**Instructions to follow:** Wherever "xmlns" appears in the records below, copy the line that holds it.

**Records to use:**
--------

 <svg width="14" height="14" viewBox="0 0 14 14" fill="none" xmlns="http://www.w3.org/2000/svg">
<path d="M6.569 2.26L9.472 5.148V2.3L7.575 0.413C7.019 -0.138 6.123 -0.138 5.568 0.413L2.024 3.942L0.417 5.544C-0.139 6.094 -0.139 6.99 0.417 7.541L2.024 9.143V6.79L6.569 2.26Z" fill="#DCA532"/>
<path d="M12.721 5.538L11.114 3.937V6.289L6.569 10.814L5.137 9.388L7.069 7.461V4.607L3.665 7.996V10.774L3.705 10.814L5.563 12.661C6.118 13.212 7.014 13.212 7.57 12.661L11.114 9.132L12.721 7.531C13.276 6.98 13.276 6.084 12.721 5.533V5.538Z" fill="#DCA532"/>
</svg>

--------

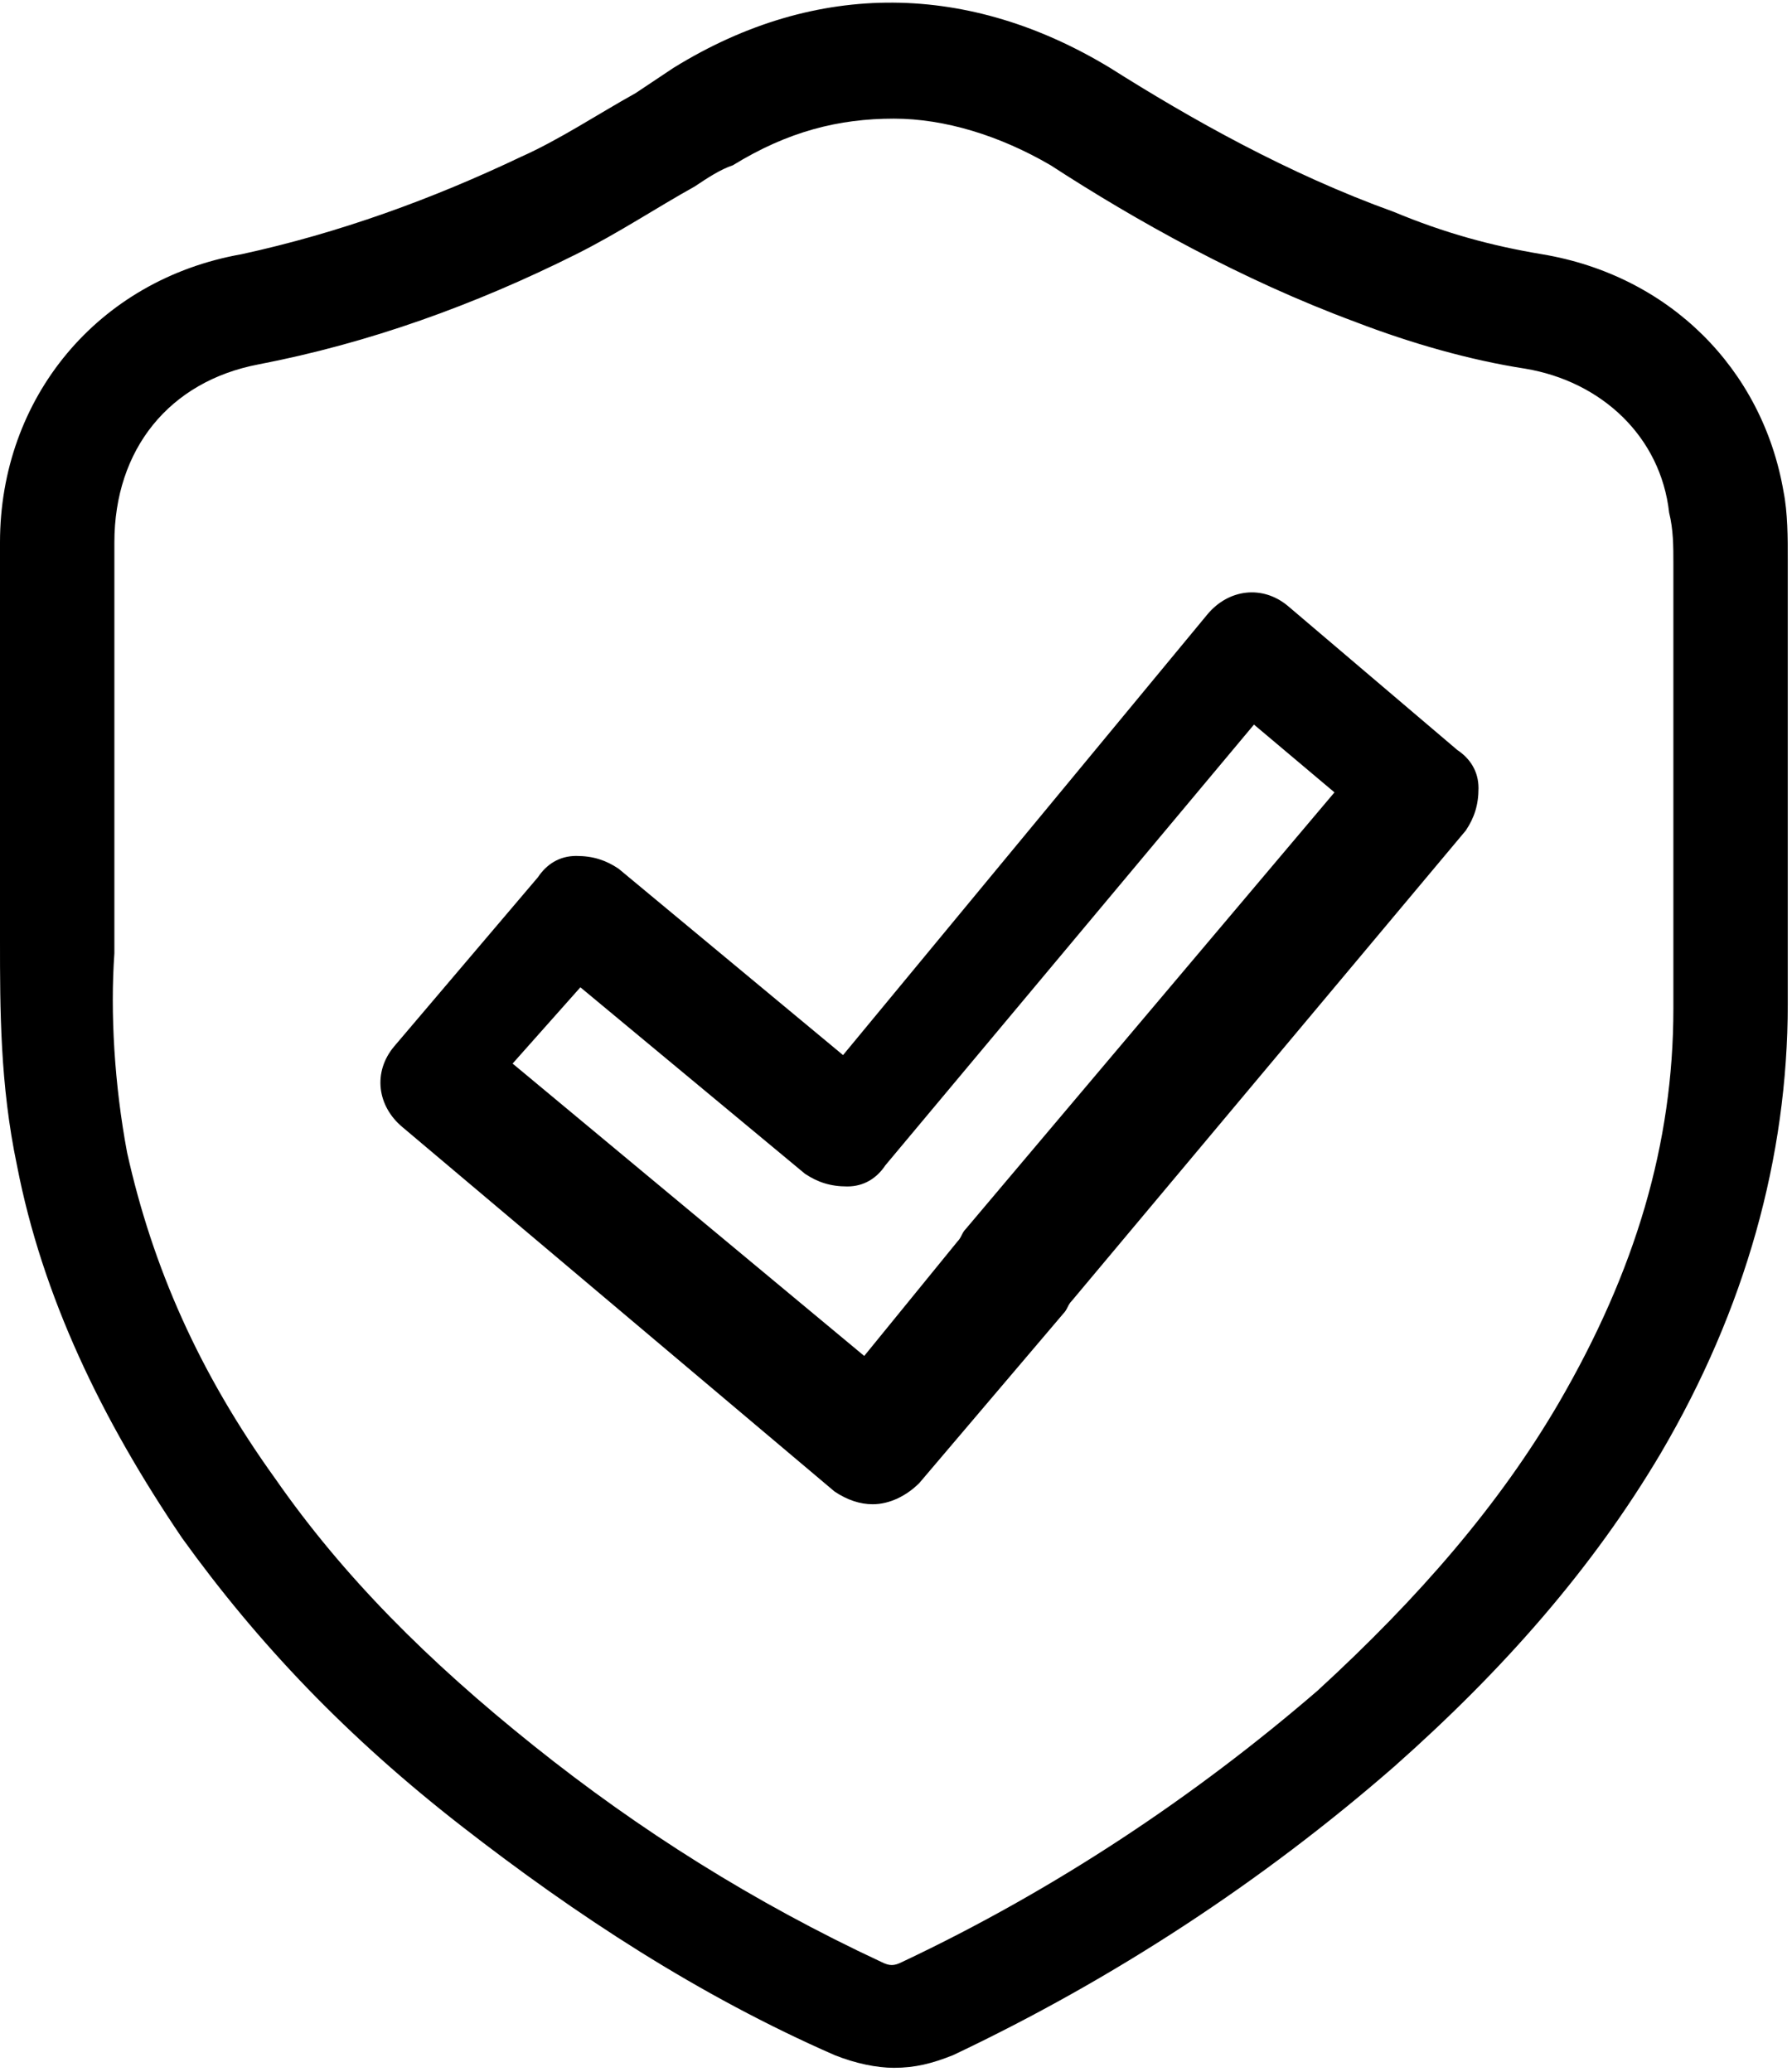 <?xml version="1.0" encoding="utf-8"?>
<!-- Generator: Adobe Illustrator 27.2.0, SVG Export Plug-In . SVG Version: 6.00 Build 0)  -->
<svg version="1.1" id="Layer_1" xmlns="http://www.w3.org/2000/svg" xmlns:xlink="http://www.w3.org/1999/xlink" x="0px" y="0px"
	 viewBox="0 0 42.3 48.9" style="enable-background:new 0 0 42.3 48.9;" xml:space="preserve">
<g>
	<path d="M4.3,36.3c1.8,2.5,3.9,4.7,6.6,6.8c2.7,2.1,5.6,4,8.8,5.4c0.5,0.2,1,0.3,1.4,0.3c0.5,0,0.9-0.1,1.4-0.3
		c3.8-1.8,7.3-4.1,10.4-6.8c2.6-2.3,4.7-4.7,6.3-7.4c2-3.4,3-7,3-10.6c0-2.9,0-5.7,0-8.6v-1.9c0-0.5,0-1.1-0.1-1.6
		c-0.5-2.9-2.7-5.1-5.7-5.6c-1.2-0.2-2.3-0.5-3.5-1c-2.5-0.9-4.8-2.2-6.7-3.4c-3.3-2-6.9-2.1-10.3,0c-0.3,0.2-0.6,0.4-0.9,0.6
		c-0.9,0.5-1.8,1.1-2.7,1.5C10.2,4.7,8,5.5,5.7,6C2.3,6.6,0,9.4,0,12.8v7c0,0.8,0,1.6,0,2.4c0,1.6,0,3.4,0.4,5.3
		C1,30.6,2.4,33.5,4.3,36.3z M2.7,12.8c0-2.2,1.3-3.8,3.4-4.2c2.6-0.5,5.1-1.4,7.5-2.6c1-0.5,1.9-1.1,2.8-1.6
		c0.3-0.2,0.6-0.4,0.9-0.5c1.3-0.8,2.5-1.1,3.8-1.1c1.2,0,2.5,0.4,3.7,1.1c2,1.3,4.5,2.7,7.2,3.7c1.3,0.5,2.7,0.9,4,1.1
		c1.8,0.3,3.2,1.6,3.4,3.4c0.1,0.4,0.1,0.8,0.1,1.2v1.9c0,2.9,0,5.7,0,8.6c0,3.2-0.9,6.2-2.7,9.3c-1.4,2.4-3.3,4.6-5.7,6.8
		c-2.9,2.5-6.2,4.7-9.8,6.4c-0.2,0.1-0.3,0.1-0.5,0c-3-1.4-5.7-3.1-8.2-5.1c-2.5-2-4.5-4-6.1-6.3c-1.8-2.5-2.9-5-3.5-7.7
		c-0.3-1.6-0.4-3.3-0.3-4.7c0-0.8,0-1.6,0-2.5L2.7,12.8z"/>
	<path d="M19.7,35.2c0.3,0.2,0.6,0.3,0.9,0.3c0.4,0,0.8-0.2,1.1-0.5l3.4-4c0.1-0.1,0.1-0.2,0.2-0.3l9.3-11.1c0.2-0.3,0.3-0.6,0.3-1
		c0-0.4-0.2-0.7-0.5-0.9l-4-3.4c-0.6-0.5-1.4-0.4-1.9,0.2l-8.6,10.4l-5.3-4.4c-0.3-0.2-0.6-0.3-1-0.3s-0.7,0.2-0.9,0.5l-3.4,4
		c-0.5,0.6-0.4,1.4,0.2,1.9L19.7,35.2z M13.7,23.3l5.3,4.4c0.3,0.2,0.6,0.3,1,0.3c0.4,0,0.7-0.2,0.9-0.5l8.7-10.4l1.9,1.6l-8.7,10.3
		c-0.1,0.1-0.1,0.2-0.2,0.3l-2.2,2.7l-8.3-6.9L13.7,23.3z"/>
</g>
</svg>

--------

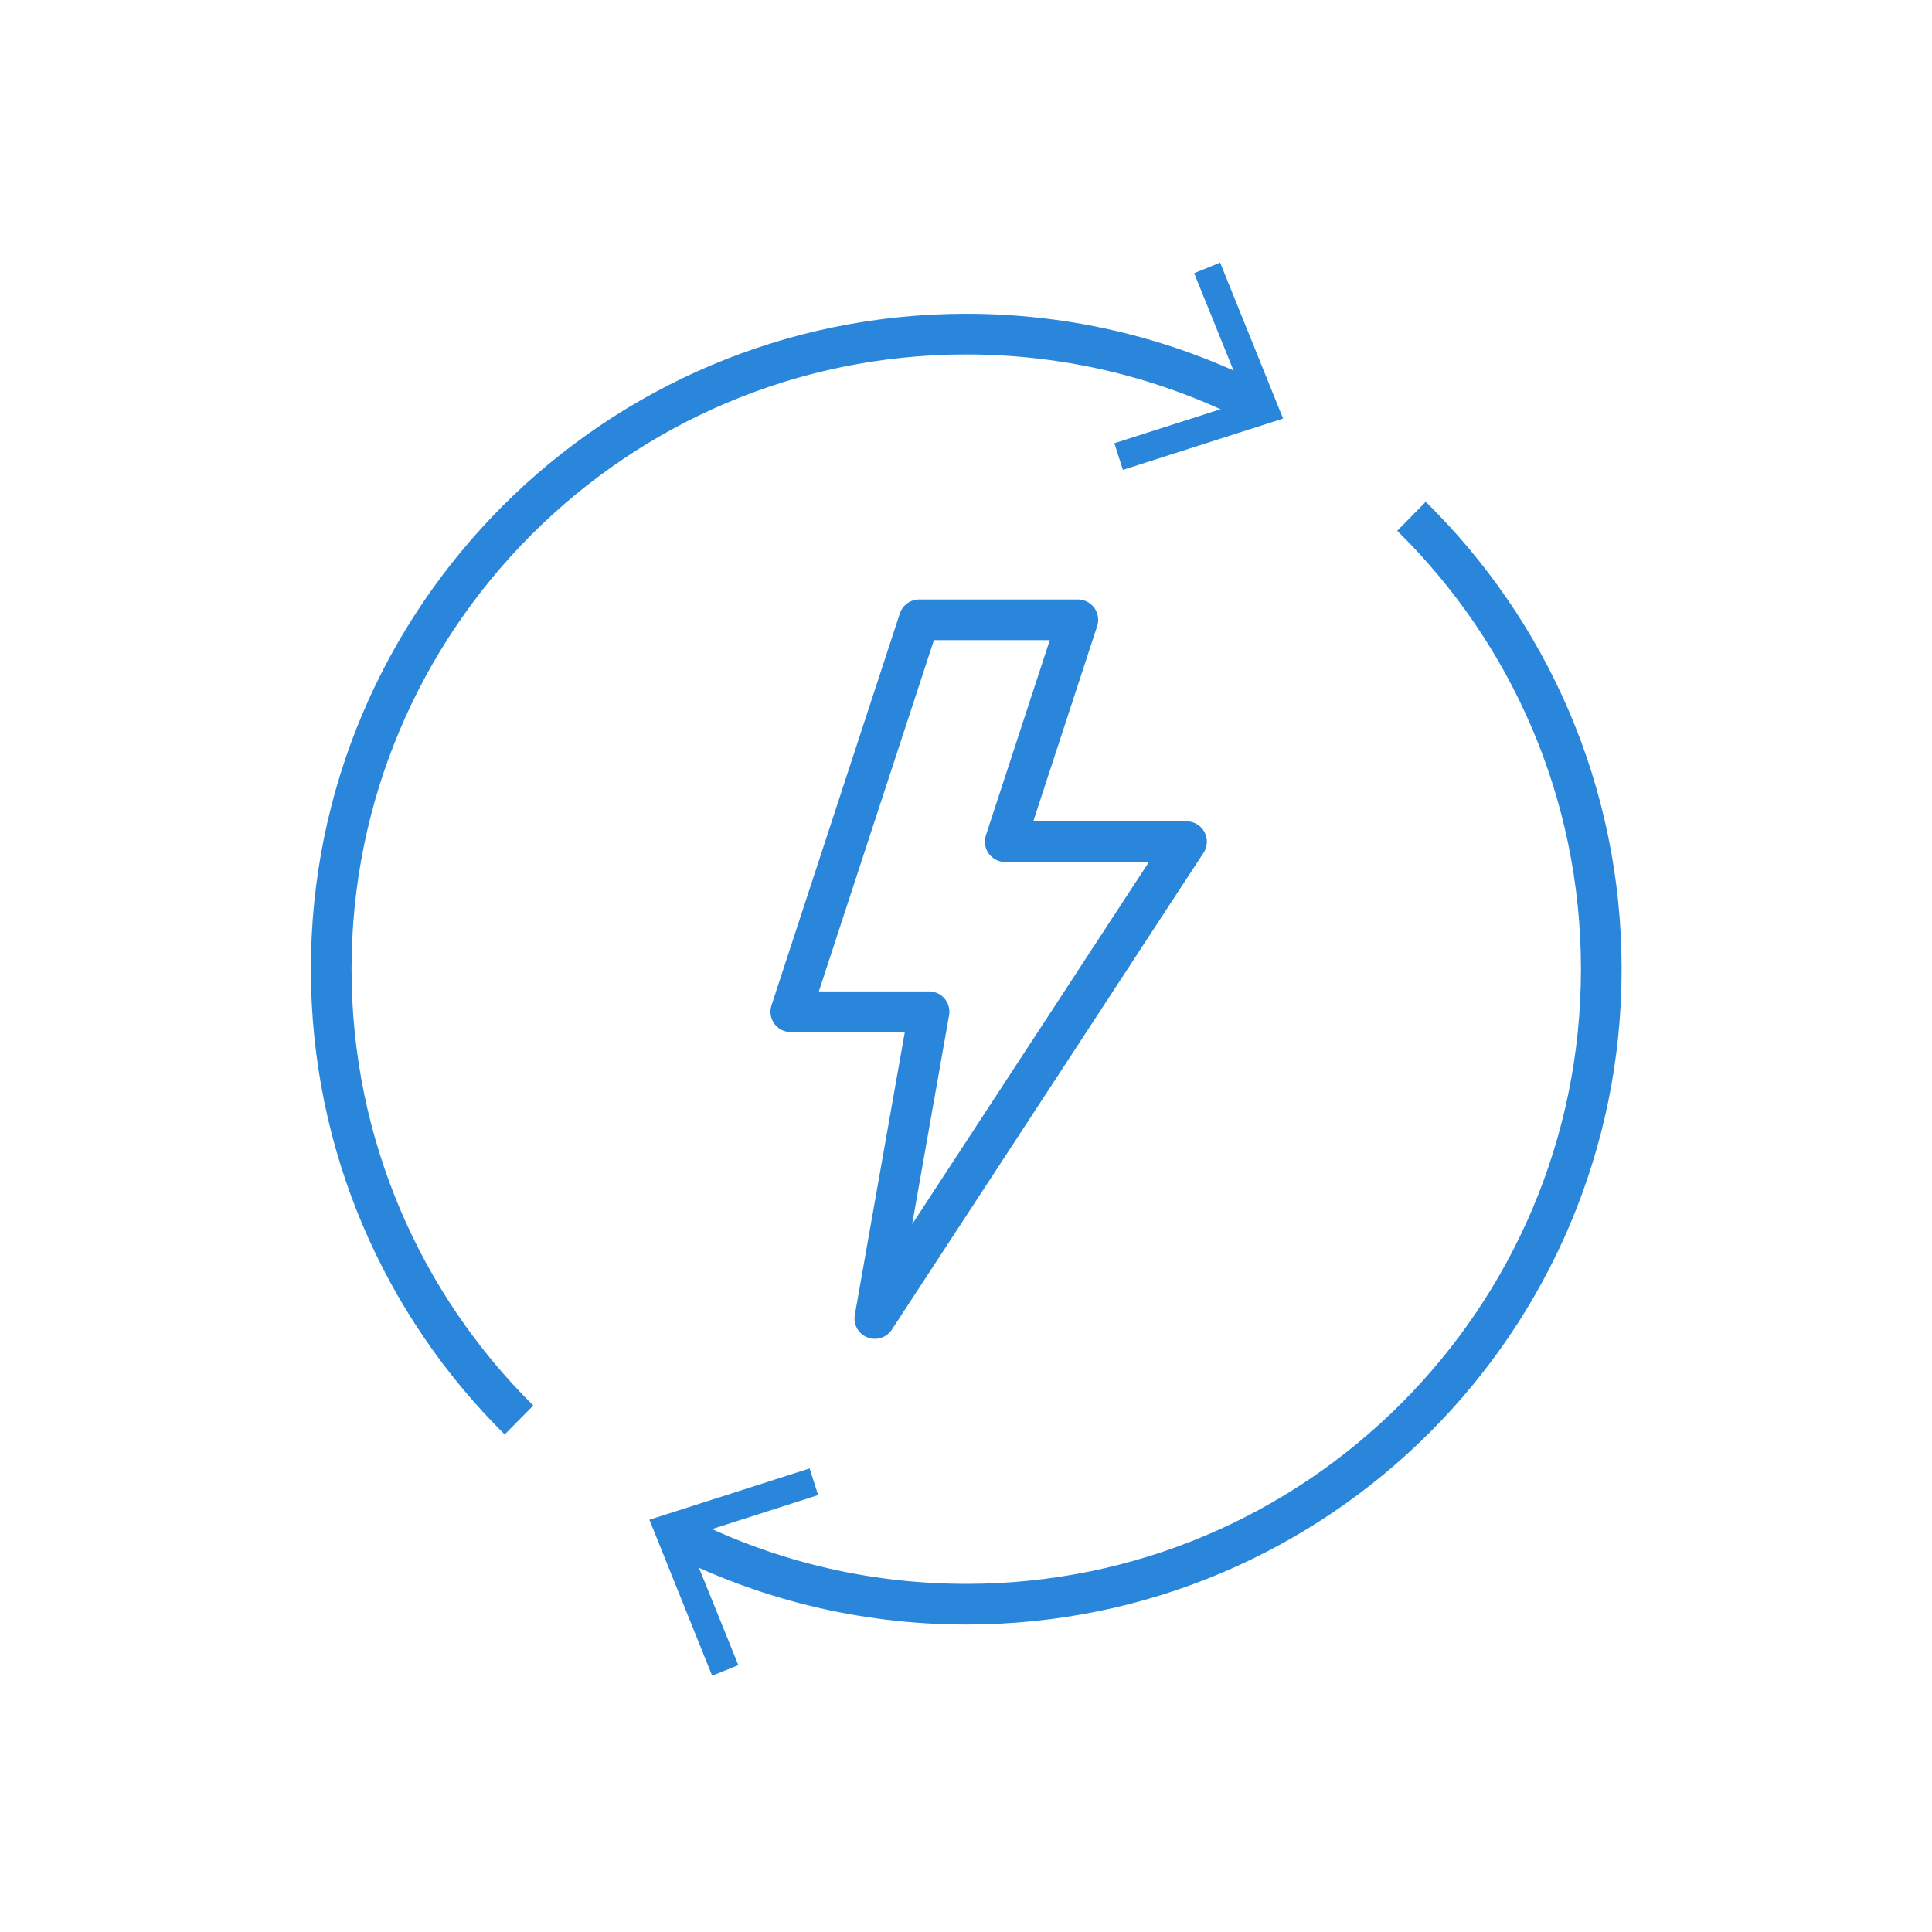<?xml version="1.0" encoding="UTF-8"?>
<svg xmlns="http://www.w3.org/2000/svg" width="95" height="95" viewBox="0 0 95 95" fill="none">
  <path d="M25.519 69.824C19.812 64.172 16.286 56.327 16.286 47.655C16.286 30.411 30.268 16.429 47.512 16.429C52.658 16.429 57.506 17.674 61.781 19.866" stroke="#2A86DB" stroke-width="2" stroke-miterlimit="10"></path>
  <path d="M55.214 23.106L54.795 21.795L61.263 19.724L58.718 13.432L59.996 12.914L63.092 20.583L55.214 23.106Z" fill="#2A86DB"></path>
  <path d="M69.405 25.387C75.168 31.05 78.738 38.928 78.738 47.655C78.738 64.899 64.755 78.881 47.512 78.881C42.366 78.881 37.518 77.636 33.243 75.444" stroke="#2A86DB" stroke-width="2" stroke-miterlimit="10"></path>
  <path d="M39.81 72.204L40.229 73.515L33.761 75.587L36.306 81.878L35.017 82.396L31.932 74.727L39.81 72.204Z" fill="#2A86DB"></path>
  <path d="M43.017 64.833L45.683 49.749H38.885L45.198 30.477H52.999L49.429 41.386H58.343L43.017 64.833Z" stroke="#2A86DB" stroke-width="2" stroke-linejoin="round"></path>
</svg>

--------

**Answer below:**
 <svg width="14" height="14" viewBox="0 0 14 14" fill="none" xmlns="http://www.w3.org/2000/svg">
<svg version="1.1" id="Layer_1" xmlns="http://www.w3.org/2000/svg" xmlns:xlink="http://www.w3.org/1999/xlink" x="0px" y="0px"
<svg xmlns="http://www.w3.org/2000/svg" width="95" height="95" viewBox="0 0 95 95" fill="none">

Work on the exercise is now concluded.